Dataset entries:
########################################

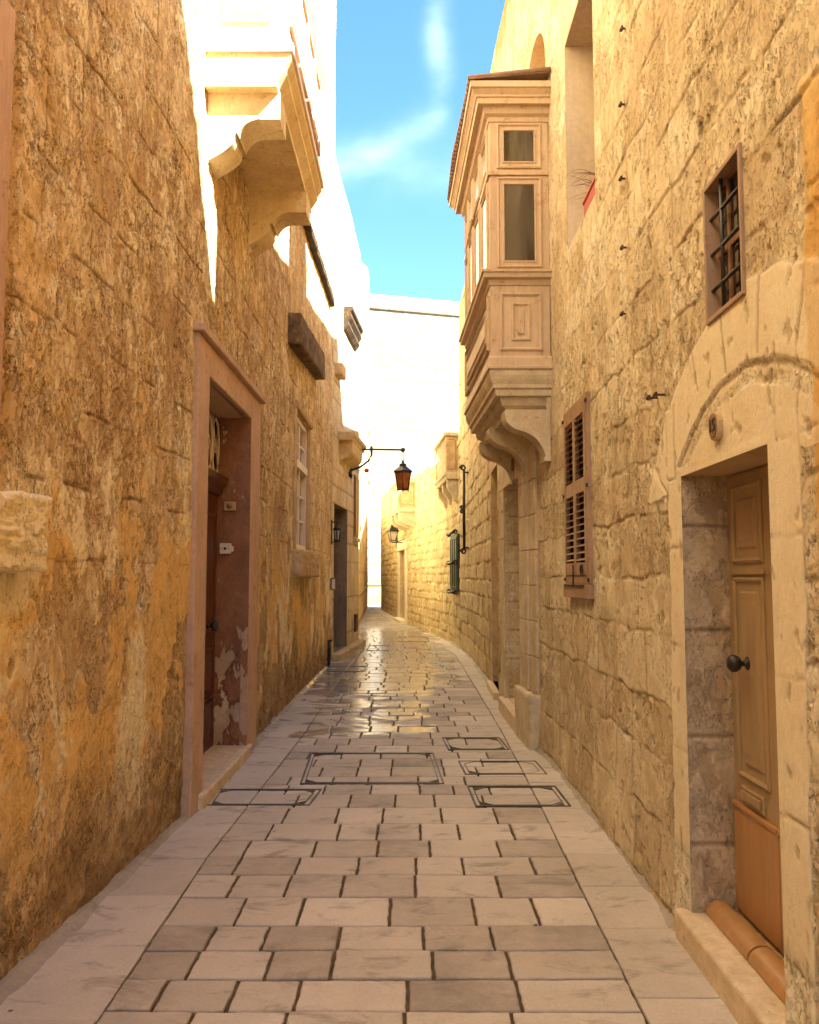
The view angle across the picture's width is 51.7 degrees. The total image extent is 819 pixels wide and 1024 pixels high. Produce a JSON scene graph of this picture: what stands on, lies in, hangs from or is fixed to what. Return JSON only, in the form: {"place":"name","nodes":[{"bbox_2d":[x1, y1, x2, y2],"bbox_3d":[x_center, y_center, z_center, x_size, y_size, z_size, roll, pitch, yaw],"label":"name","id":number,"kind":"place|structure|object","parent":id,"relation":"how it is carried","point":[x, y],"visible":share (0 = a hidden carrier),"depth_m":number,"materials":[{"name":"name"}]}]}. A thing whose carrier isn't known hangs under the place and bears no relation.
{"place":"outdoors","nodes":[
{"label":"outdoors","id":0,"kind":"place"},
{"bbox_2d":[358,260,370,626],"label":"stone house","id":1,"kind":"structure","parent":0,"point":[364,436],"depth_m":34.49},
{"bbox_2d":[0,604,737,1023],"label":"pavement","id":2,"kind":"structure","parent":0,"point":[82,974],"depth_m":4.10,"materials":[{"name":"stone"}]},
{"bbox_2d":[0,660,332,1005],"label":"dirt","id":3,"kind":"structure","parent":2,"relation":"on","point":[21,973],"depth_m":3.93,"materials":[{"name":"soil"}]},
{"bbox_2d":[207,789,321,807],"bbox_3d":[-1.060,2.085,6.153,0.800,0.027,0.450,0,-4,0],"label":"access cover","id":4,"kind":"object","parent":2,"relation":"on","point":[312,791],"visible":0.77,"depth_m":6.10,"materials":[{"name":"metal"}]},
{"bbox_2d":[326,639,331,665],"bbox_3d":[-1.447,2.542,15.300,0.106,0.479,0.080,0,-4,0],"label":"boot scraper","id":5,"kind":"object","parent":2,"relation":"on","point":[328,653],"visible":1,"depth_m":15.28,"materials":[{"name":"black metal"}]},
{"bbox_2d":[327,666,367,671],"bbox_3d":[-1.085,2.749,14.783,0.670,0.027,0.900,0,-4,0],"label":"access cover","id":6,"kind":"object","parent":2,"relation":"on","point":[329,669],"visible":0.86,"depth_m":14.45,"materials":[{"name":"metal"}]},
{"bbox_2d":[397,637,429,641],"bbox_3d":[0.080,3.290,21.812,0.840,0.027,1.600,0,-4,0],"label":"access cover","id":7,"kind":"object","parent":2,"relation":"on","point":[413,641],"visible":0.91,"depth_m":21.02,"materials":[{"name":"metal"}]},
{"bbox_2d":[96,605,691,1023],"bbox_3d":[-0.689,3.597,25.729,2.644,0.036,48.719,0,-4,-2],"label":"road","id":8,"kind":"structure","parent":0,"point":[566,967],"depth_m":4.26,"materials":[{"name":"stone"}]},
{"bbox_2d":[300,753,443,785],"bbox_3d":[-0.315,2.159,7.120,1.170,0.027,1.150,0,-4,0],"label":"access cover","id":9,"kind":"object","parent":8,"relation":"on","point":[310,782],"visible":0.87,"depth_m":6.62,"materials":[{"name":"metal"}]},
{"bbox_2d":[366,645,389,650],"bbox_3d":[-0.700,3.082,19.120,0.500,0.027,1.400,0,-4,0],"label":"access cover","id":10,"kind":"object","parent":8,"relation":"on","point":[378,650],"visible":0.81,"depth_m":18.64,"materials":[{"name":"metal"}]},
{"bbox_2d":[442,737,509,750],"bbox_3d":[0.625,2.237,8.132,0.610,0.027,0.600,0,-4,0],"label":"access cover","id":11,"kind":"object","parent":8,"relation":"on","point":[464,738],"visible":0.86,"depth_m":8.25,"materials":[{"name":"metal"}]},
{"bbox_2d":[458,761,546,775],"bbox_3d":[0.770,2.158,7.105,0.700,0.027,0.500,0,-4,0],"label":"access cover","id":12,"kind":"object","parent":8,"relation":"in","point":[474,773],"visible":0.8,"depth_m":6.96,"materials":[{"name":"metal"}]},
{"bbox_2d":[467,785,570,808],"bbox_3d":[0.785,2.087,6.188,0.690,0.027,0.580,0,-4,0],"label":"access cover","id":13,"kind":"object","parent":8,"relation":"in","point":[486,805],"visible":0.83,"depth_m":6.15,"materials":[{"name":"metal"}]},
{"bbox_2d":[368,294,459,582],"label":"stone tower house","id":14,"kind":"structure","parent":0,"point":[414,406],"depth_m":53.37,"materials":[{"name":"stone"}]},
{"bbox_2d":[335,0,504,301],"label":"sky","id":15,"kind":"structure","parent":0,"point":[402,67],"materials":[{"name":"blue"}]},
{"bbox_2d":[381,430,460,645],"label":"stone house","id":16,"kind":"structure","parent":0,"point":[420,578],"depth_m":24.63,"materials":[{"name":"beige stone"}]},
{"bbox_2d":[386,524,403,542],"bbox_3d":[-0.483,0.735,29.972,0.604,0.727,0.367,2,-5,-20],"label":"wall lantern","id":17,"kind":"object","parent":16,"relation":"attached to","point":[392,531],"depth_m":29.84,"materials":[{"name":"black metal"}]},
{"bbox_2d":[402,551,404,617],"bbox_3d":[-0.122,2.596,30.289,0.060,2.430,2.018,1,-4,-7],"label":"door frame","id":18,"kind":"structure","parent":16,"relation":"in","point":[403,551],"depth_m":30.94,"materials":[{"name":"stone"}]},
{"bbox_2d":[459,51,499,699],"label":"stone house","id":19,"kind":"structure","parent":0,"point":[479,575],"depth_m":14.80,"materials":[{"name":"stone"}]},
{"bbox_2d":[459,465,468,553],"bbox_3d":[1.128,-0.058,17.356,0.224,1.846,0.060,0,-4,0],"label":"iron wall bar","id":20,"kind":"object","parent":19,"relation":"attached to","point":[462,508],"visible":0.98,"depth_m":17.34,"materials":[{"name":"metal"}]},
{"label":"ground","id":21,"kind":"structure","parent":0,"visible":0},
{"bbox_2d":[0,0,335,979],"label":"townhouse","id":22,"kind":"structure","parent":21,"relation":"on","point":[166,266],"depth_m":4.98,"materials":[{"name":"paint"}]},
{"bbox_2d":[0,0,15,412],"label":"window frame","id":23,"kind":"structure","parent":22,"relation":"in","point":[7,14],"depth_m":3.27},
{"bbox_2d":[203,492,218,753],"bbox_3d":[-1.730,0.907,6.841,0.150,2.240,1.620,0,-4,0],"label":"door","id":24,"kind":"structure","parent":22,"relation":"in","point":[211,624],"depth_m":7.39,"materials":[{"name":"brown wood"}]},
{"bbox_2d":[220,543,233,553],"bbox_3d":[-1.660,0.332,7.667,0.120,0.095,0.044,0,-4,0],"label":"meter box","id":25,"kind":"object","parent":22,"relation":"attached to","point":[226,548],"visible":1,"depth_m":7.65,"materials":[{"name":"white plastic"}]},
{"bbox_2d":[224,502,235,510],"bbox_3d":[-1.637,-0.054,7.701,0.105,0.080,0.036,0,-4,0],"label":"doorbell","id":26,"kind":"object","parent":22,"relation":"attached to","point":[229,506],"visible":1,"depth_m":7.69,"materials":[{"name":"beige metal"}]},
{"bbox_2d":[296,418,306,549],"bbox_3d":[-1.552,-0.374,11.763,0.105,1.810,1.400,0,-4,0],"label":"window","id":27,"kind":"structure","parent":22,"relation":"in","point":[301,430],"depth_m":12.33,"materials":[{"name":"white glass"}]},
{"bbox_2d":[330,578,334,589],"bbox_3d":[-1.458,1.358,15.950,0.105,0.220,0.185,0,-4,0],"label":"mailbox","id":28,"kind":"object","parent":22,"relation":"attached to","point":[332,583],"visible":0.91,"depth_m":15.86,"materials":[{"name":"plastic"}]},
{"bbox_2d":[331,520,340,544],"bbox_3d":[-1.411,0.389,16.138,0.218,0.460,0.172,0,-4,0],"label":"wall lantern","id":29,"kind":"object","parent":22,"relation":"attached to","point":[336,530],"depth_m":16.09,"materials":[{"name":"black metal"}]},
{"bbox_2d":[330,156,366,659],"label":"stone house","id":30,"kind":"structure","parent":21,"relation":"on","point":[348,444],"depth_m":18.23,"materials":[{"name":"stone"}]},
{"bbox_2d":[358,468,368,472],"bbox_3d":[-1.103,-0.993,20.173,0.275,0.125,0.195,0,-4,0],"label":"security camera","id":31,"kind":"object","parent":30,"relation":"attached to","point":[365,470],"visible":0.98,"depth_m":20.08,"materials":[{"name":"white plastic"}]},
{"bbox_2d":[349,446,411,491],"bbox_3d":[-0.647,-0.959,18.628,1.414,1.010,0.472,0,-4,0],"label":"street lantern","id":32,"kind":"object","parent":30,"relation":"attached to","point":[402,471],"visible":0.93,"depth_m":18.52,"materials":[{"name":"black metal"}]},
{"bbox_2d":[368,583,380,604],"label":"wall","id":33,"kind":"structure","parent":21,"relation":"on","point":[374,593],"depth_m":49.37,"materials":[{"name":"stone"}]},
{"bbox_2d":[447,0,818,1023],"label":"townhouse","id":34,"kind":"structure","parent":21,"relation":"on","point":[659,636],"depth_m":4.07,"materials":[{"name":"stone"}]},
{"bbox_2d":[568,160,594,215],"bbox_3d":[1.297,-2.340,6.071,0.347,0.454,0.667,0,-4,0],"label":"flower pot","id":35,"kind":"object","parent":34,"relation":"on","point":[588,198],"visible":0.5,"depth_m":6.03,"materials":[{"name":"orange ceramic"}]},
{"bbox_2d":[646,395,657,400],"bbox_3d":[1.228,-0.575,4.262,0.066,0.024,0.035,0,-4,0],"label":"iron hook","id":36,"kind":"object","parent":34,"relation":"attached to","point":[648,397],"visible":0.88,"depth_m":4.25,"materials":[{"name":"black metal"}]},
{"bbox_2d":[653,392,664,397],"bbox_3d":[1.227,-0.574,4.142,0.066,0.024,0.035,0,-4,0],"label":"iron hook","id":37,"kind":"object","parent":34,"relation":"attached to","point":[655,394],"visible":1,"depth_m":4.13,"materials":[{"name":"black metal"}]},
{"bbox_2d":[708,411,722,440],"bbox_3d":[1.232,-0.345,3.397,0.040,0.116,0.100,0,-4,0],"label":"house number","id":38,"kind":"object","parent":34,"relation":"attached to","point":[715,425],"visible":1,"depth_m":3.37,"materials":[{"name":"ceramic"}]},
{"bbox_2d":[702,142,745,325],"bbox_3d":[1.270,-1.078,3.332,0.084,0.580,0.400,0,-4,0],"label":"window","id":39,"kind":"structure","parent":34,"relation":"in","point":[723,195],"depth_m":3.39,"materials":[{"name":"wood"}]},
{"bbox_2d":[726,465,782,952],"bbox_3d":[1.403,0.773,3.560,0.113,1.895,0.462,0,-4,0],"label":"door","id":40,"kind":"structure","parent":34,"relation":"in","point":[751,664],"depth_m":3.52,"materials":[{"name":"brown wood"}]},
{"bbox_2d":[777,830,783,953],"bbox_3d":[1.441,0.737,3.099,0.033,1.895,0.452,0,-4,0],"label":"door frame","id":41,"kind":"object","parent":34,"relation":"in","point":[778,831],"depth_m":3.26,"materials":[{"name":"brown wood"}]}
]}

########################################

### EXERCISE OBJECTIVE
Each line above that has "townhouse" adds one to the count; say the final count with no other text.

### RESULT FOR THIS EXERCISE
2